GAGS: parallelized genetic algorithm-based grid search for SVM + model optimization
摘要
Support Vector Machines (SVM) have been widely used in supervised learning due to their strong generalization capabilities. SVM + extends this framework under the Learning Using Privileged Information (LUPI) paradigm, incorporating additional training-stage information unavailable during inference. However, SVM + involves the tuning of four hyperparameters, doubling the dimensionality of the optimization problem compared to standard SVM, and thereby increasing computational cost substantially.

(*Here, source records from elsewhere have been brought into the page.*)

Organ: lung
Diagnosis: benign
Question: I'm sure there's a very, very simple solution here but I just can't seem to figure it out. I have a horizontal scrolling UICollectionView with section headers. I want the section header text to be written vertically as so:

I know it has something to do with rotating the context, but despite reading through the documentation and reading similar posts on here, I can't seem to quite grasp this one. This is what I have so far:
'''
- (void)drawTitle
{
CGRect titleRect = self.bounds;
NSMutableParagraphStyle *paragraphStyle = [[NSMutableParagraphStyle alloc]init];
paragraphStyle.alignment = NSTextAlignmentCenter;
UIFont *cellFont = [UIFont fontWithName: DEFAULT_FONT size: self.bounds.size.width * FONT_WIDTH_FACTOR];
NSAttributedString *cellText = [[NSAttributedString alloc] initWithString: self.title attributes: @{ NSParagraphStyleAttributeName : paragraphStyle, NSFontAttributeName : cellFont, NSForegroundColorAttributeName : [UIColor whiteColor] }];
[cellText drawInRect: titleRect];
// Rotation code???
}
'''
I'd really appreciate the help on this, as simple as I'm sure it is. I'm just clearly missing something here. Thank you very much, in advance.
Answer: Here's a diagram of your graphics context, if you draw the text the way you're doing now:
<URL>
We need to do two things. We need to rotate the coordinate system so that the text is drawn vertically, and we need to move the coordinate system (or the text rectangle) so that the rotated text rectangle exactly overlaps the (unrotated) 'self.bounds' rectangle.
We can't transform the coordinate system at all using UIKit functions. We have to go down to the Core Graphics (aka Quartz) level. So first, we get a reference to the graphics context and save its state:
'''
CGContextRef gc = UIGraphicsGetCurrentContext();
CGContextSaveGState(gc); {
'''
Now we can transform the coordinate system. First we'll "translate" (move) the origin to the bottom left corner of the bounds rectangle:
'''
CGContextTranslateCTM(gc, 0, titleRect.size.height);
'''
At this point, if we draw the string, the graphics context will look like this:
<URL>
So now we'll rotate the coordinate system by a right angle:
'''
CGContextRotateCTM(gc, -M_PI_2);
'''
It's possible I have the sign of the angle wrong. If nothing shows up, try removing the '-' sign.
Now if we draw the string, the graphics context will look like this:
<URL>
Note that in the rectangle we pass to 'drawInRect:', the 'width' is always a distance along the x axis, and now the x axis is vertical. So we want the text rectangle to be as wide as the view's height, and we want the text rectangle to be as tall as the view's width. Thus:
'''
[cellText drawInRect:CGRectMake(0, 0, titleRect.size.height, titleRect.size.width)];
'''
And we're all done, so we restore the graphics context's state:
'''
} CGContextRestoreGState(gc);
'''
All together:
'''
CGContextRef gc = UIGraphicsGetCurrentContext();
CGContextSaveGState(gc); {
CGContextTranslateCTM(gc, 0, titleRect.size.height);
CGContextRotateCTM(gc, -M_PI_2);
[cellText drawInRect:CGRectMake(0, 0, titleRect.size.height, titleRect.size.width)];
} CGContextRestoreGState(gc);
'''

To address this challenge, this work introduces GAGS (Genetic Algorithm-Based Grid Search), a methodological hybridization framework tailored for SVM + model selection that integrates grid-based structured search, adaptive precision through logarithmic mapping, and advanced parallelization strategies. The term 'Grid Search' in GAGS refers to the grid-based structural partitioning used for initial exploration and parallel computation, and not to a traditional exhaustive search. By distributing computations across independent processing units, GAGS enables structured exploration of the hyperparameter space and reduces the likelihood of premature convergence and local optima entrapment, while substantially reducing execution time under the evaluated settings. The proposed GAGS-SVM + framework is evaluated on a binary classification task using the MNIST and CWRU datasets under a rigorous protocol of 20 independent runs. Experimental results show that the GAGS methodology achieves statistically higher mean accuracy than the tested baselines under a fixed evaluation budget, reducing error rates in the vision domain test (MNIST) to below 4.5% and consistently matching or surpassing the metaheuristic baselines on both datasets under an equal evaluation budget and identical data splits across methods. The performance gains are further reflected in reduced test errors under data scarcity scenarios within the evaluated datasets. Furthermore, the parallel implementation of GAGS achieves up to ≈4 × speed-up under the reported hardware configuration, supporting its scalability within the evaluated computational regime and its suitability for resource-intensive kernel-based optimization tasks characterized by high-cost QP solves.